Simple Truth – don’t bite the first worm that swims by you
Recently, I met a couple of people who have come to me regarding marital issues. While I make it amply clear that I am not a professional councillor, I do lend a pastor’s ear. Listening is a good thing; it allows the other to speak freely especially when you are approached because you are trusted. Make no mistake, listening attentively is also emotionally draining for the one who listens because you inadvertently enter into the suffering and pain of the one pouring out their heart.
But listening also means that one has to make sense of several emotions and slot the many incidents ranging from rage to fear into a clear storyline. By doing this one begins to realize that most people have similar storylines. While the number of villains may vary in each life story the plot seems similar. In all of this a pattern of fault lines begin to emerge. Like all fault lines they are dormant till one day the earth begins to shake beneath your feet and one is swallowed in an abyss of misery.
One such fault line that I have begun to notice is a desperation that seeks solace in any arm. Many people that I have met these days narrate a litany of woes, many of them related to their growing up years; years of abuse or rejection or lack of self-esteem. Some of it may be self-inflicted but it exists in some form or the other. Depending on circumstances these feelings of rejection may be transitory or those that hover above like a dreary dark cloud on a stormy day. Often, the only ‘apparent solution’ for those who feel this way is to escape from it all, to run away from the four uncomfortable walls that they call home in the hope that some other person will be their matrimonial angel with a happy ever after by line.

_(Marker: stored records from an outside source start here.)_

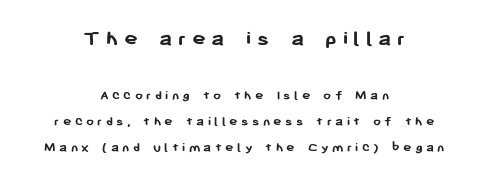
Q: Is the text bold? A: Yes.
Q: Is the text italic (slanted)? A: No, it is upright.
Q: Is the text underlined? A: No.
Q: How is the paragraph aligned? A: Centered.
Q: Is the spacing between letters normal or unusually wide? A: Unusually wide.
Q: Which block of text is set in a larger size, the first (top) or the second (bottom)? A: The first (top) one.
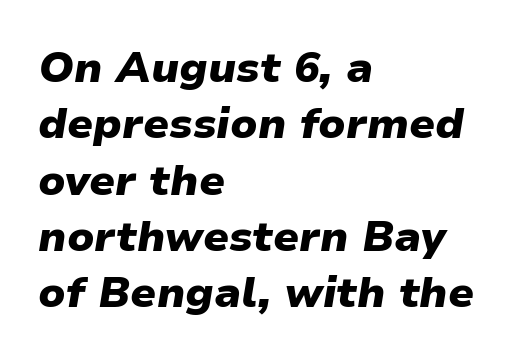
Q: Is the text bold? A: Yes.
Q: Is the text italic (slanted)? A: Yes, it leans right by about 9 degrees.
Q: Is the text underlined? A: No.
Q: How is the paragraph aligned? A: Left-aligned.
Q: Is the spacing between letters normal or unusually wide? A: Normal.
Q: Is the spacing between lines tight, normal or loose? A: Normal.
Q: Width (condensed, normal, or wide)? A: Normal.
Q: Stroke contrast? A: Low.
Q: x-height? A: Medium.
Q: Monospaced? A: No.
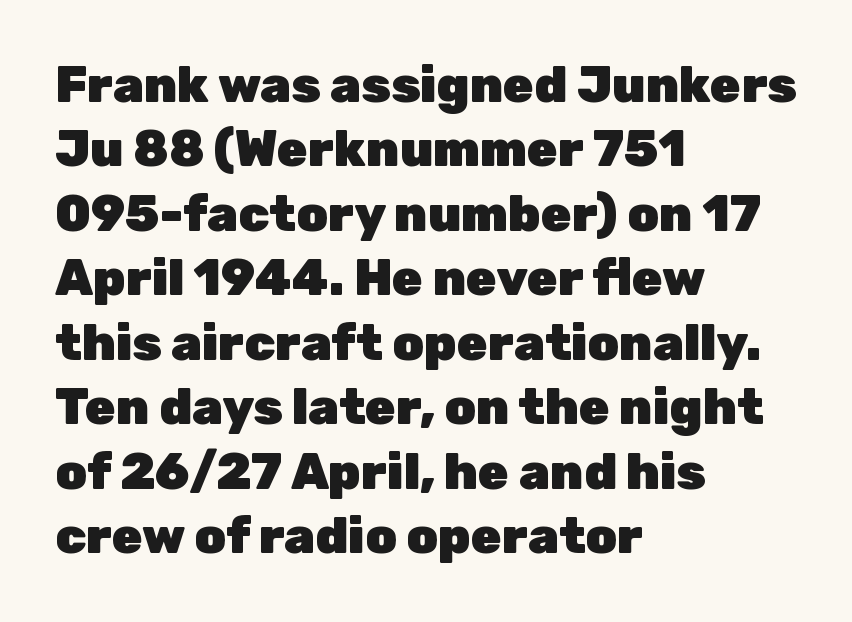
{"serif": "no", "italic": "no", "bold": "yes", "weight": "heavy", "width": "normal", "stroke_contrast": "low", "x_height": "medium", "monospaced": "no", "underline": "no", "align": "left", "line_spacing": "normal", "line_spacing_ratio": 1.29, "letter_spacing": "normal", "letter_spacing_em": 0.0, "glyph_px": 50}

The first worm that wriggles in these murky waters of fear and frustration often seem to be the most tempting bite. The apparent solution for many is that it is better to risk biting any worm that floats by (even though there is a deadly hook that might kill you) than to continue in choppy and tempestuous waters of family strife. Here is the simple truth; the solution rarely works and mostly you end up with a hook in your throat.

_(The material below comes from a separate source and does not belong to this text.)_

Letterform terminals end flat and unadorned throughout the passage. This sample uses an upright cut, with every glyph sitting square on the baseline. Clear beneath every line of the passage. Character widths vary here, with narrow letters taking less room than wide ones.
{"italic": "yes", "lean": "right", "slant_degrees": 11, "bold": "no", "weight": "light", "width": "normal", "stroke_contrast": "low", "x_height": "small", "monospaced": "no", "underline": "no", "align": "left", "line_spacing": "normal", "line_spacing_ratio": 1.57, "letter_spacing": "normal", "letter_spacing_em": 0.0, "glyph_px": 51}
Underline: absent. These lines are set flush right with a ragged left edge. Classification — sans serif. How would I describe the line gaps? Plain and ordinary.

Many people think to themselves, “how can my life be more miserable than the misery I find myself in?” Taking a chance may be my best bet at a new beginning no matter how obscure or uncertain that future may seem. We find ourselves saying, “anything is better than this!” And so, we find someone who can dandy on our arm or to cling on to. We hope that a ring on a finger will be our Cinderella story and that the pumpkins will change to carriages. If it did work for you, congratulations! But I doubt very much that it works for the majority.
So, if you have not yet figured out what I am saying, here it is in plain and simple English. If you are one of those people who are having a bad time with your family and are contemplating marriage with the hope that getting out of your situation will afford you a new beginning, then think again and think seriously. Perhaps you really are sizzling in a pan but jumping out of the pan with the hope that a relationship might solve a problem may just be jumping into the fire itself.

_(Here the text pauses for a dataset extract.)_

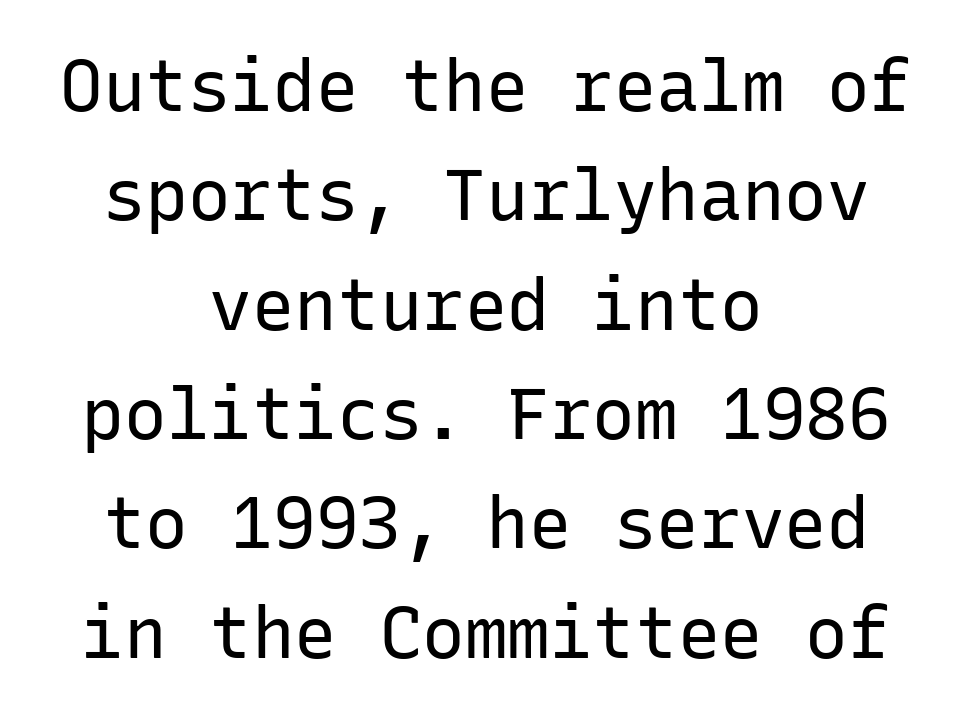
These lines are centered, leaving both edges ragged. Spacing between characters is what you'd get straight out of the box. This sample has the even, mechanical cadence of fixed-width lettering. Quick note: not italic, upright.
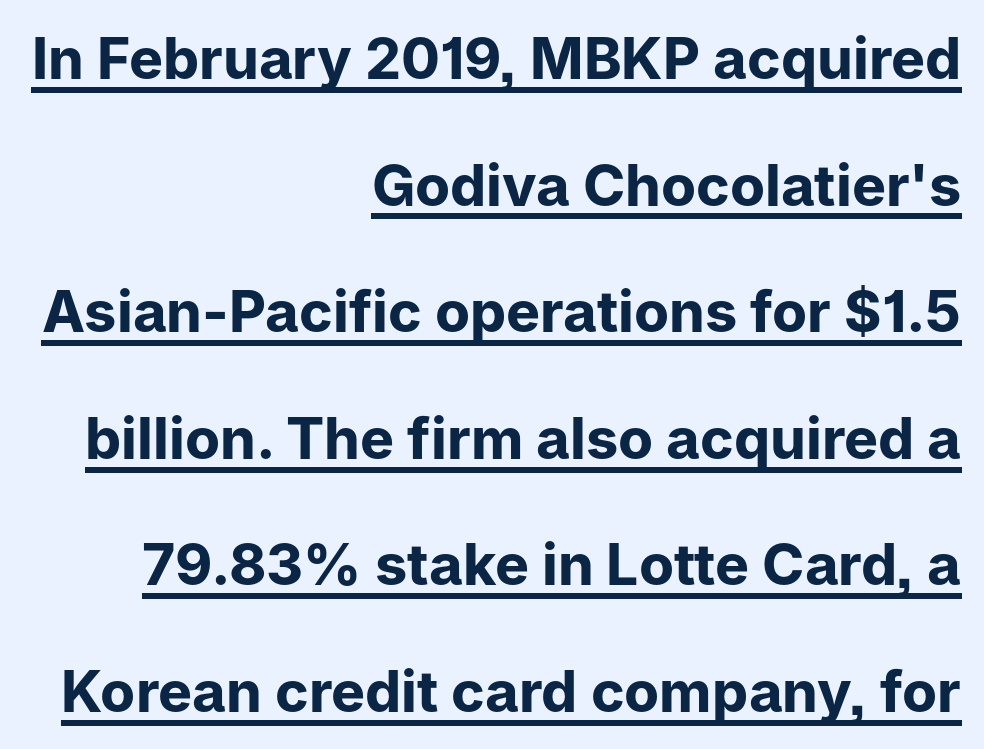
{"serif": "no", "italic": "no", "bold": "yes", "weight": "bold", "width": "normal", "stroke_contrast": "low", "x_height": "medium", "monospaced": "no", "underline": "yes", "align": "right", "line_spacing": "loose", "line_spacing_ratio": 2.22, "letter_spacing": "normal", "letter_spacing_em": 0.0, "glyph_px": 57}

Issues must be resolved before marriage. Too many people enter into marriage with way too much of emotional baggage. When you finally unpack your emotional baggage in your new home you have not only carried the past into the present but even worse now you have to contend with your spouse’s emotional hang ups too. Think of what a mess this all is.
Marriage is a beautiful institution and a Holy Sacrament. It should be entered into only after one has prayed about it. However, all things are not solved by marriage just as having a baby in stormy marriage is not a solution to marital problems.
That’s the simple truth.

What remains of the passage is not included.